Exercise details: Of the material below, only the lines from the line containing "Classify the given" down to the line containing "Answer in one word or a short phrase." belong in the answer, written out exactly.

________

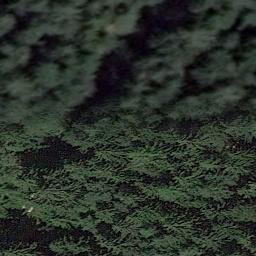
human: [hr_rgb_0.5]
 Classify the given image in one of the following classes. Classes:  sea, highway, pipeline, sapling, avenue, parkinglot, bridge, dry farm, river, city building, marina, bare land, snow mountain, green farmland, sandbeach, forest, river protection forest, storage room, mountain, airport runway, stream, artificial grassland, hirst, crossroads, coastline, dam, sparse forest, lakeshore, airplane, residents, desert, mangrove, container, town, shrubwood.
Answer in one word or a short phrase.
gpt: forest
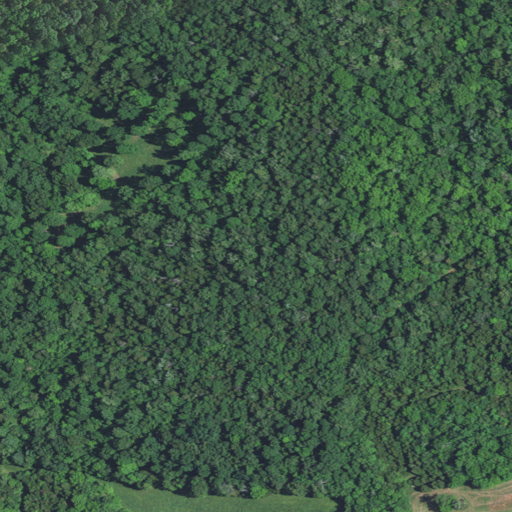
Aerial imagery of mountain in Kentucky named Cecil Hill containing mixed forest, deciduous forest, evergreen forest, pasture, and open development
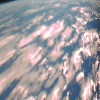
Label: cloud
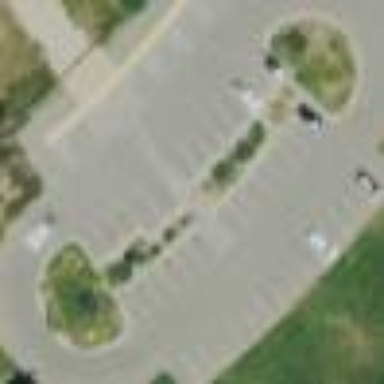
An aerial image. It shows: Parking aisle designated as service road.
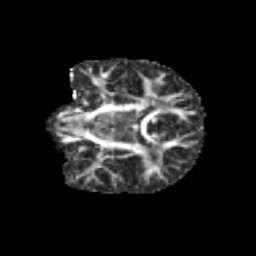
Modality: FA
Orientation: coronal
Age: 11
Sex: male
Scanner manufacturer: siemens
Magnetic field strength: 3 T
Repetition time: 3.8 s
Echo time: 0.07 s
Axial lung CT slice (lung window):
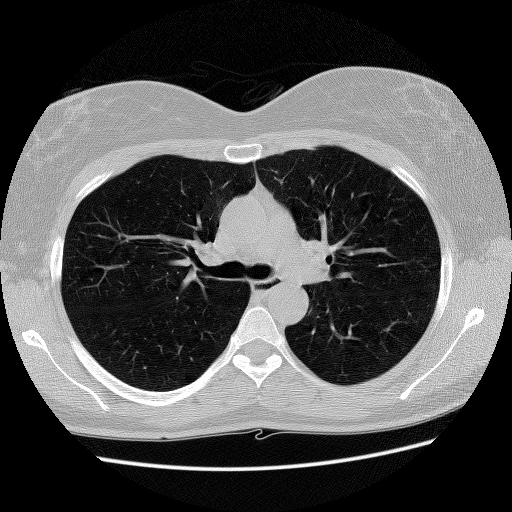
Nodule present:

________

Answer below:
 Classify the given image in one of the following classes. Classes:  sea, highway, pipeline, sapling, avenue, parkinglot, bridge, dry farm, river, city building, marina, bare land, snow mountain, green farmland, sandbeach, forest, river protection forest, storage room, mountain, airport runway, stream, artificial grassland, hirst, crossroads, coastline, dam, sparse forest, lakeshore, airplane, residents, desert, mangrove, container, town, shrubwood.
Answer in one word or a short phrase.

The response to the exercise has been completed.